- Born: 27 December 1919 Simoneti, Terjola Municipality, Georgia
- Died: 26 July 1999 (aged 79) Tbilisi, Georgia
- Citizenship: Soviet
- Education: Tbilisi State University
- Scientific career
- Fields: landscape science
- Workplaces: Vakhushti Bagrationi Institute of Geography

= David Ukleba =

Georgian geographer (1919–1999)

David Ukleba (დავით უკლება; December 27, 1919 — July 26, 1999) was a Georgian geographer. Doctor of Geographical Sciences (1971), professor (1985). Honored Scientist of the Georgian SSR (1984). He created a solid foundation for development of landscape science in Georgia.

David Ukleba was born on December 27, 1919, in the village of Simoneti, Terjola Municipality, Georgia. In 1947 he finished the Faculty of Geography and Geology at Tbilisi State University. He had been working at Vakhushti Bagrationi Institute of Geography from 1950 until his death, where he laid the foundation and headed the Department of Landscape Study and later the Department of Physical Geography. In the Department the landscape research method for mountainous areas was elaborated by David Ukleba and the physical-geographical zoning was carried out by him as well. He devoted more than 200 scientific works, including 7 monographs, many of which are printed in Georgian, Russian, English, French, Polish and Czech languages.

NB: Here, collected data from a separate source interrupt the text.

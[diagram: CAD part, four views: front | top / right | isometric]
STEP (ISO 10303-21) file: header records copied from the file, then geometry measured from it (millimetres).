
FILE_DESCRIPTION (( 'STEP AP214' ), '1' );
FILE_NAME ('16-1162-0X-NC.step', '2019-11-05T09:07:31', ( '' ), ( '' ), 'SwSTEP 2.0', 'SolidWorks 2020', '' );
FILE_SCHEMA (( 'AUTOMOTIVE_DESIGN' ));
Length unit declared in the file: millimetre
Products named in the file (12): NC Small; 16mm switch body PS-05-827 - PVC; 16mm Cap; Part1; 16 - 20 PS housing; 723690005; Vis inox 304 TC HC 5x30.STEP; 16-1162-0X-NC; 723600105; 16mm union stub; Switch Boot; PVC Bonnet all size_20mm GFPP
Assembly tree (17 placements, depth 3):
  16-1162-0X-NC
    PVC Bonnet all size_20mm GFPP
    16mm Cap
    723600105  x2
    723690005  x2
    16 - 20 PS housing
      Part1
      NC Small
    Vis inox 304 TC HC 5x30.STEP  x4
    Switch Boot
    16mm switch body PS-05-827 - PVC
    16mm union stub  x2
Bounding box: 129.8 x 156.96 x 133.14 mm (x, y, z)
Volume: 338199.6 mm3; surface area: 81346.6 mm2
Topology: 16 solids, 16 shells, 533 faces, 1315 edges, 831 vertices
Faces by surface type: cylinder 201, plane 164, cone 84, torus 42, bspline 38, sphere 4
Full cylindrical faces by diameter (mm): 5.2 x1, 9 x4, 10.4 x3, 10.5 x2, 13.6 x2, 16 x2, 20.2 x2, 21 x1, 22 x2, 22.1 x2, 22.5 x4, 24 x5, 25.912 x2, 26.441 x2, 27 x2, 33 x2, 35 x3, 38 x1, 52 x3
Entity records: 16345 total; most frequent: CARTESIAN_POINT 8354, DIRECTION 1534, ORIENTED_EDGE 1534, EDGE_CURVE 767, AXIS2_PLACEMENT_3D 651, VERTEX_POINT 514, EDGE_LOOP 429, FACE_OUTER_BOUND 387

David Ukleba is included in the 1998 biography published by the American Biographical Institute in the "5000 Famous Person of the World". David Ukleba was awarded of the Vakhushti Bagrationi Prize (1987, 1993) and the Georgian state Prize.

==Works==
- Geographical terminology (Georgian-Russian and Russian-Georgian), 1967;
- Physical-geographical zoning of East Georgia for agriculture purposes (in georgian, 1968);
- Landscapes and physical-geographical areas of the mountainous regions of Eastern Georgia (in georgian, 1974);
- Georgian Anthropogenic Landscapes (in russian, 1983).